AIM OF THE TASK: Word for word, restate the records that come next, omitting the images.

INPUT FOR THIS TASK:
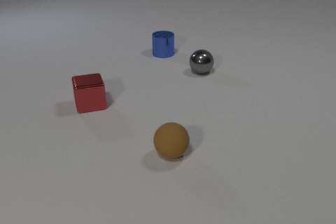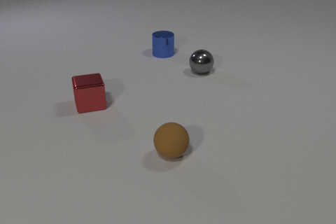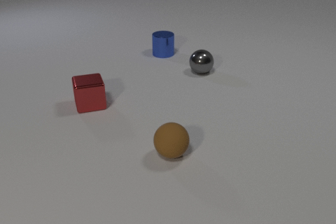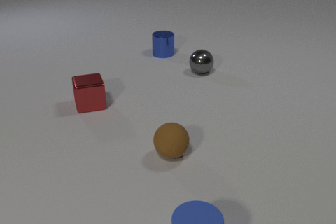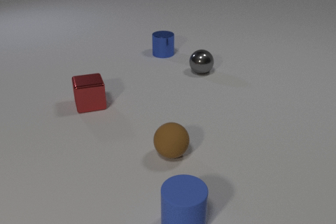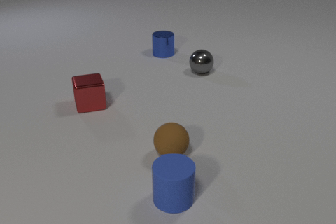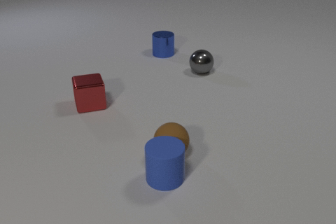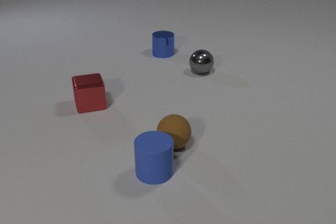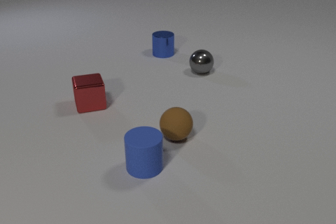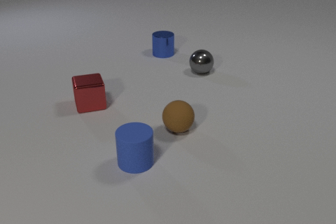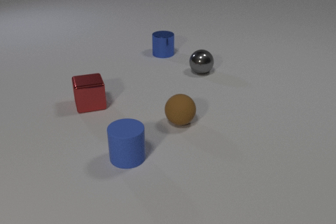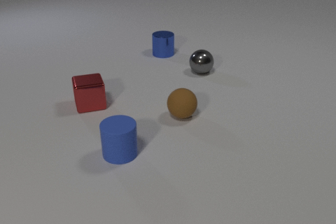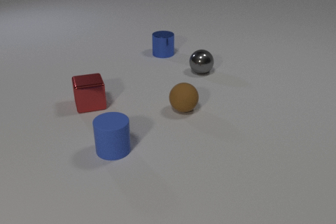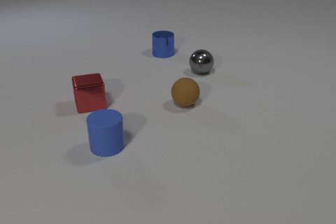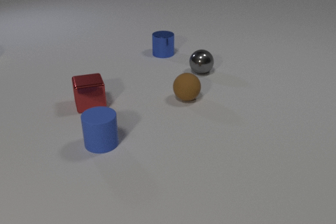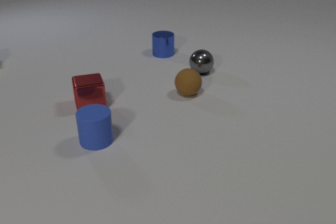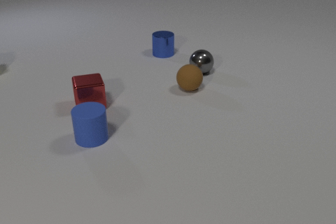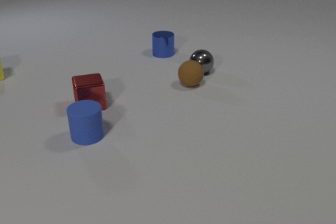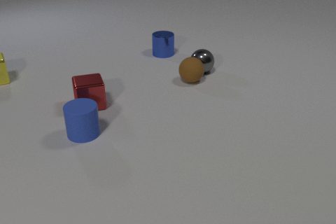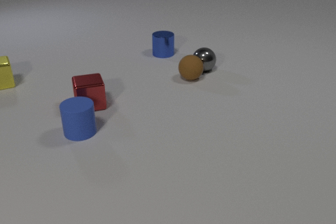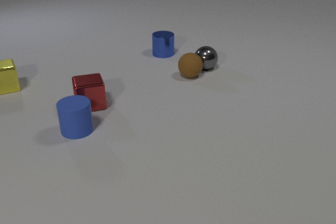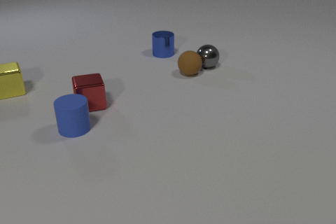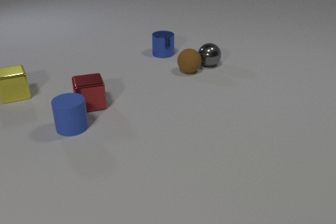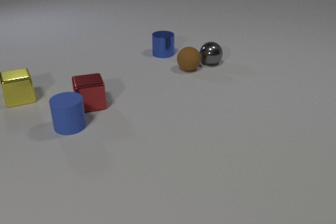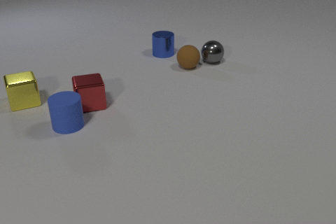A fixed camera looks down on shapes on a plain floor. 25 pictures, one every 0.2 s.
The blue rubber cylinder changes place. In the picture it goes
away from the camera.
The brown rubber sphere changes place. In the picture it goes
away from the camera.
0.0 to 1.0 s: The blue rubber cylinder comes in at the bottom edge, slides away from the camera.
1.0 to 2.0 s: The blue rubber cylinder slides away from the camera and to the left. The brown rubber sphere rolls away from the camera. The blue rubber cylinder and the brown rubber sphere collide.
2.0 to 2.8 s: The blue rubber cylinder slides away from the camera and to the left. The brown rubber sphere rolls away from the camera.
2.8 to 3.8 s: The blue rubber cylinder slides away from the camera and to the left. The brown rubber sphere rolls away from the camera. The yellow metal cube comes in at the left edge, slides toward the camera. The gray metal sphere rolls away from the camera. The brown rubber sphere and the gray metal sphere collide.
3.8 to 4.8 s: The blue rubber cylinder slides away from the camera and to the left. The brown rubber sphere rolls away from the camera. The yellow metal cube slides toward the camera and to the right. The gray metal sphere rolls away from the camera.
How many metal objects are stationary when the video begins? 3.
What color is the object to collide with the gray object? brown.
What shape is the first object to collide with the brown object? cylinder.

RESPONSE:
A fixed camera looks down on shapes on a plain floor. 25 pictures, one every 0.2 s.
The blue rubber cylinder changes place. In the picture it goes
away from the camera.
The brown rubber sphere changes place. In the picture it goes
away from the camera.
0.0 to 1.0 s: The blue rubber cylinder comes in at the bottom edge, slides away from the camera.
1.0 to 2.0 s: The blue rubber cylinder slides away from the camera and to the left. The brown rubber sphere rolls away from the camera. The blue rubber cylinder and the brown rubber sphere collide.
2.0 to 2.8 s: The blue rubber cylinder slides away from the camera and to the left. The brown rubber sphere rolls away from the camera.
2.8 to 3.8 s: The blue rubber cylinder slides away from the camera and to the left. The brown rubber sphere rolls away from the camera. The yellow metal cube comes in at the left edge, slides toward the camera. The gray metal sphere rolls away from the camera. The brown rubber sphere and the gray metal sphere collide.
3.8 to 4.8 s: The blue rubber cylinder slides away from the camera and to the left. The brown rubber sphere rolls away from the camera. The yellow metal cube slides toward the camera and to the right. The gray metal sphere rolls away from the camera.
How many metal objects are stationary when the video begins? 3.
What color is the object to collide with the gray object? brown.
What shape is the first object to collide with the brown object? cylinder.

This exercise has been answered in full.